### Work item
Transcribe all of the records word for word, please, omitting the pictures.

### Dataset records
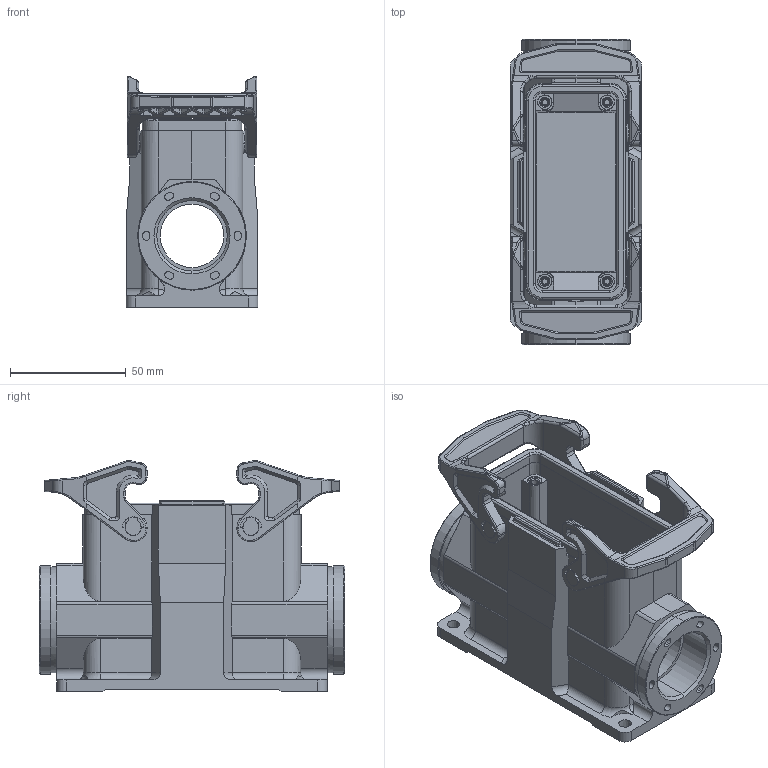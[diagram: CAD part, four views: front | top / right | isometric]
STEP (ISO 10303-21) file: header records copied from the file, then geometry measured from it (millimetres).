
FILE_DESCRIPTION(('CATIA V5 STEP Exchange','CAx-IF Rec.Pracs.--- Model Styling and Organization---1.5--- 2016-08-15','CAx-IF Rec.Pracs.---Supplemental Geometry---1.0---2011-11-01','CAx-IF Rec.Pracs.--- Composite Materials ---1.1---2010-07-15'),'2;1');
FILE_NAME ('2194814-5_0', '2025-08-25T04:58:08+00:00', ('none'), ('Weidmueller'), 'CATIA Version 5-6 Release 2024 SP4', 'CATIA V5 STEP AP214 v3', 'none');
FILE_SCHEMA(('AUTOMOTIVE_DESIGN { 1 0 10303 214 1 1 1 1 }'));
Products named in the file (1): 3164420000
Bounding box: 57 x 132 x 99.91 mm (x, y, z)
Volume: 189187.6 mm3; surface area: 97017.9 mm2
Topology: 3 solids, 3 shells, 1492 faces, 7034 edges, 5544 vertices
Faces by surface type: cylinder 692, plane 512, torus 98, cone 92, bspline 78, revolution 16, sphere 4
Entity records: 98264 total; most frequent: CARTESIAN_POINT 50483, ORIENTED_EDGE 14060, EDGE_CURVE 7030, VERTEX_POINT 5544, DIRECTION 4701, B_SPLINE_CURVE_WITH_KNOTS 4437, VECTOR 1873, LINE 1873
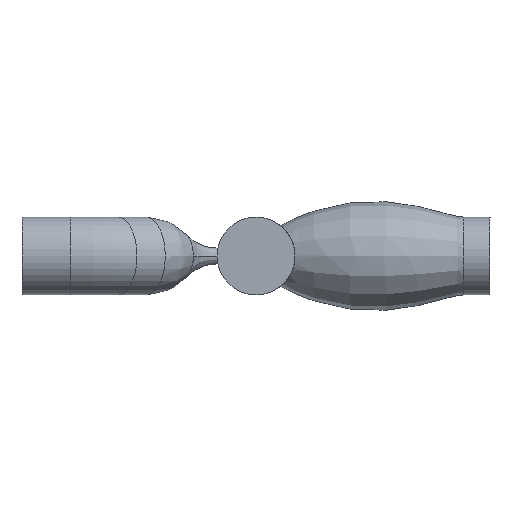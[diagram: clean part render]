
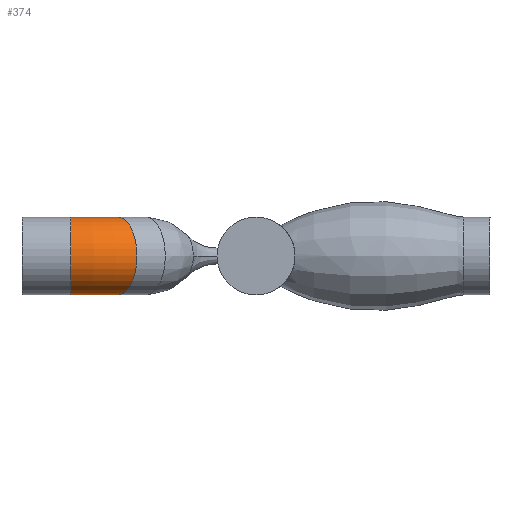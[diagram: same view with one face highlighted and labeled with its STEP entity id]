
A CAD part, front view. The second image highlights one B-rep face of the part: STEP entity #374.
In plain terms, the highlighted toroidal (fillet/blend) face has major radius 6 mm and minor radius 2.5 mm.
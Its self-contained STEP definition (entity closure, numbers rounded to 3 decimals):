
#30=TOROIDAL_SURFACE('',#430,6.,2.5);
#69=CIRCLE('',#428,2.5);
#70=CIRCLE('',#429,2.5);
#71=CIRCLE('',#431,3.5);
#72=CIRCLE('',#432,2.5);
#73=CIRCLE('',#433,2.5);
#74=CIRCLE('',#434,2.5);
#96=FACE_OUTER_BOUND('',#118,.T.);
#118=EDGE_LOOP('',(#320,#321,#322,#323,#324,#325,#326));
#180=VERTEX_POINT('',#981);
#181=VERTEX_POINT('',#983);
#182=VERTEX_POINT('',#987);
#183=VERTEX_POINT('',#989);
#184=VERTEX_POINT('',#991);
#233=EDGE_CURVE('',#180,#181,#69,.T.);
#234=EDGE_CURVE('',#181,#180,#70,.T.);
#235=EDGE_CURVE('',#181,#182,#71,.T.);
#236=EDGE_CURVE('',#182,#183,#72,.T.);
#237=EDGE_CURVE('',#183,#184,#73,.T.);
#238=EDGE_CURVE('',#184,#182,#74,.T.);
#320=ORIENTED_EDGE('',*,*,#233,.F.);
#321=ORIENTED_EDGE('',*,*,#234,.F.);
#322=ORIENTED_EDGE('',*,*,#235,.T.);
#323=ORIENTED_EDGE('',*,*,#236,.T.);
#324=ORIENTED_EDGE('',*,*,#237,.T.);
#325=ORIENTED_EDGE('',*,*,#238,.T.);
#326=ORIENTED_EDGE('',*,*,#235,.F.);
#374=ADVANCED_FACE('',(#96),#30,.T.);
#428=AXIS2_PLACEMENT_3D('',#984,#514,#515);
#429=AXIS2_PLACEMENT_3D('',#985,#516,#517);
#430=AXIS2_PLACEMENT_3D('',#986,#518,#519);
#431=AXIS2_PLACEMENT_3D('',#988,#520,#521);
#432=AXIS2_PLACEMENT_3D('',#990,#522,#523);
#433=AXIS2_PLACEMENT_3D('',#992,#524,#525);
#434=AXIS2_PLACEMENT_3D('',#993,#526,#527);
#514=DIRECTION('center_axis',(-1.,0.,0.));
#515=DIRECTION('ref_axis',(0.,0.,1.));
#516=DIRECTION('center_axis',(-1.,0.,0.));
#517=DIRECTION('ref_axis',(0.,0.,1.));
#518=DIRECTION('center_axis',(0.,0.,-1.));
#519=DIRECTION('ref_axis',(0.258,-0.966,0.));
#520=DIRECTION('center_axis',(0.,0.,1.));
#521=DIRECTION('ref_axis',(0.258,-0.966,0.));
#522=DIRECTION('center_axis',(-0.867,-0.498,0.));
#523=DIRECTION('ref_axis',(0.,0.,1.));
#524=DIRECTION('center_axis',(-0.867,-0.498,0.));
#525=DIRECTION('ref_axis',(0.,0.,1.));
#526=DIRECTION('center_axis',(-0.867,-0.498,0.));
#527=DIRECTION('ref_axis',(0.,0.,1.));
#981=CARTESIAN_POINT('',(-11.864,-5.907,-2.511));
#983=CARTESIAN_POINT('',(-11.864,-3.407,-0.011));
#984=CARTESIAN_POINT('Origin',(-11.864,-5.907,-0.011));
#985=CARTESIAN_POINT('Origin',(-11.864,-5.907,-0.011));
#986=CARTESIAN_POINT('Origin',(-11.864,0.093,-0.011));
#987=CARTESIAN_POINT('',(-10.12,-2.942,-0.011));
#988=CARTESIAN_POINT('Origin',(-11.864,0.093,-0.011));
#989=CARTESIAN_POINT('',(-8.875,-5.11,-2.511));
#990=CARTESIAN_POINT('Origin',(-8.875,-5.11,-0.011));
#991=CARTESIAN_POINT('',(-7.63,-7.277,-0.011));
#992=CARTESIAN_POINT('Origin',(-8.875,-5.11,-0.011));
#993=CARTESIAN_POINT('Origin',(-8.875,-5.11,-0.011));

### Written solution
[diagram: CAD part, four views: front | top / right | isometric]
STEP (ISO 10303-21) file: header records copied from the file, then geometry measured from it (millimetres).
FILE_DESCRIPTION(('CATIA V5 STEP Exchange','CAx-IF Rec.Pracs.--- Model Styling and Organization---1.5--- 2016-08-15','CAx-IF Rec.Pracs.---Supplemental Geometry---1.0---2011-11-01','CAx-IF Rec.Pracs.--- Composite Materials ---1.1---2010-07-15'),'2;1');
FILE_NAME ('2194814-5_0', '2025-08-25T04:58:08+00:00', ('none'), ('Weidmueller'), 'CATIA Version 5-6 Release 2024 SP4', 'CATIA V5 STEP AP214 v3', 'none');
FILE_SCHEMA(('AUTOMOTIVE_DESIGN { 1 0 10303 214 1 1 1 1 }'));
Products named in the file (1): 3164420000
Bounding box: 57 x 132 x 99.91 mm (x, y, z)
Volume: 189187.6 mm3; surface area: 97017.9 mm2
Topology: 3 solids, 3 shells, 1492 faces, 7034 edges, 5544 vertices
Faces by surface type: cylinder 692, plane 512, torus 98, cone 92, bspline 78, revolution 16, sphere 4
Entity records: 98264 total; most frequent: CARTESIAN_POINT 50483, ORIENTED_EDGE 14060, EDGE_CURVE 7030, VERTEX_POINT 5544, DIRECTION 4701, B_SPLINE_CURVE_WITH_KNOTS 4437, VECTOR 1873, LINE 1873
[diagram: clean part render]
[diagram: same view with one face highlighted and labeled with its STEP entity id]
A CAD part, front view. The second image highlights one B-rep face of the part: STEP entity #374.
In plain terms, the highlighted toroidal (fillet/blend) face has major radius 6 mm and minor radius 2.5 mm.
Its self-contained STEP definition (entity closure, numbers rounded to 3 decimals):
#30=TOROIDAL_SURFACE('',#430,6.,2.5);
#69=CIRCLE('',#428,2.5);
#70=CIRCLE('',#429,2.5);
#71=CIRCLE('',#431,3.5);
#72=CIRCLE('',#432,2.5);
#73=CIRCLE('',#433,2.5);
#74=CIRCLE('',#434,2.5);
#96=FACE_OUTER_BOUND('',#118,.T.);
#118=EDGE_LOOP('',(#320,#321,#322,#323,#324,#325,#326));
#180=VERTEX_POINT('',#981);
#181=VERTEX_POINT('',#983);
#182=VERTEX_POINT('',#987);
#183=VERTEX_POINT('',#989);
#184=VERTEX_POINT('',#991);
#233=EDGE_CURVE('',#180,#181,#69,.T.);
#234=EDGE_CURVE('',#181,#180,#70,.T.);
#235=EDGE_CURVE('',#181,#182,#71,.T.);
#236=EDGE_CURVE('',#182,#183,#72,.T.);
#237=EDGE_CURVE('',#183,#184,#73,.T.);
#238=EDGE_CURVE('',#184,#182,#74,.T.);
#320=ORIENTED_EDGE('',*,*,#233,.F.);
#321=ORIENTED_EDGE('',*,*,#234,.F.);
#322=ORIENTED_EDGE('',*,*,#235,.T.);
#323=ORIENTED_EDGE('',*,*,#236,.T.);
#324=ORIENTED_EDGE('',*,*,#237,.T.);
#325=ORIENTED_EDGE('',*,*,#238,.T.);
#326=ORIENTED_EDGE('',*,*,#235,.F.);
#374=ADVANCED_FACE('',(#96),#30,.T.);
#428=AXIS2_PLACEMENT_3D('',#984,#514,#515);
#429=AXIS2_PLACEMENT_3D('',#985,#516,#517);
#430=AXIS2_PLACEMENT_3D('',#986,#518,#519);
#431=AXIS2_PLACEMENT_3D('',#988,#520,#521);
#432=AXIS2_PLACEMENT_3D('',#990,#522,#523);
#433=AXIS2_PLACEMENT_3D('',#992,#524,#525);
#434=AXIS2_PLACEMENT_3D('',#993,#526,#527);
#514=DIRECTION('center_axis',(-1.,0.,0.));
#515=DIRECTION('ref_axis',(0.,0.,1.));
#516=DIRECTION('center_axis',(-1.,0.,0.));
#517=DIRECTION('ref_axis',(0.,0.,1.));
#518=DIRECTION('center_axis',(0.,0.,-1.));
#519=DIRECTION('ref_axis',(0.258,-0.966,0.));
#520=DIRECTION('center_axis',(0.,0.,1.));
#521=DIRECTION('ref_axis',(0.258,-0.966,0.));
#522=DIRECTION('center_axis',(-0.867,-0.498,0.));
#523=DIRECTION('ref_axis',(0.,0.,1.));
#524=DIRECTION('center_axis',(-0.867,-0.498,0.));
#525=DIRECTION('ref_axis',(0.,0.,1.));
#526=DIRECTION('center_axis',(-0.867,-0.498,0.));
#527=DIRECTION('ref_axis',(0.,0.,1.));
#981=CARTESIAN_POINT('',(-11.864,-5.907,-2.511));
#983=CARTESIAN_POINT('',(-11.864,-3.407,-0.011));
#984=CARTESIAN_POINT('Origin',(-11.864,-5.907,-0.011));
#985=CARTESIAN_POINT('Origin',(-11.864,-5.907,-0.011));
#986=CARTESIAN_POINT('Origin',(-11.864,0.093,-0.011));
#987=CARTESIAN_POINT('',(-10.12,-2.942,-0.011));
#988=CARTESIAN_POINT('Origin',(-11.864,0.093,-0.011));
#989=CARTESIAN_POINT('',(-8.875,-5.11,-2.511));
#990=CARTESIAN_POINT('Origin',(-8.875,-5.11,-0.011));
#991=CARTESIAN_POINT('',(-7.63,-7.277,-0.011));
#992=CARTESIAN_POINT('Origin',(-8.875,-5.11,-0.011));
#993=CARTESIAN_POINT('Origin',(-8.875,-5.11,-0.011));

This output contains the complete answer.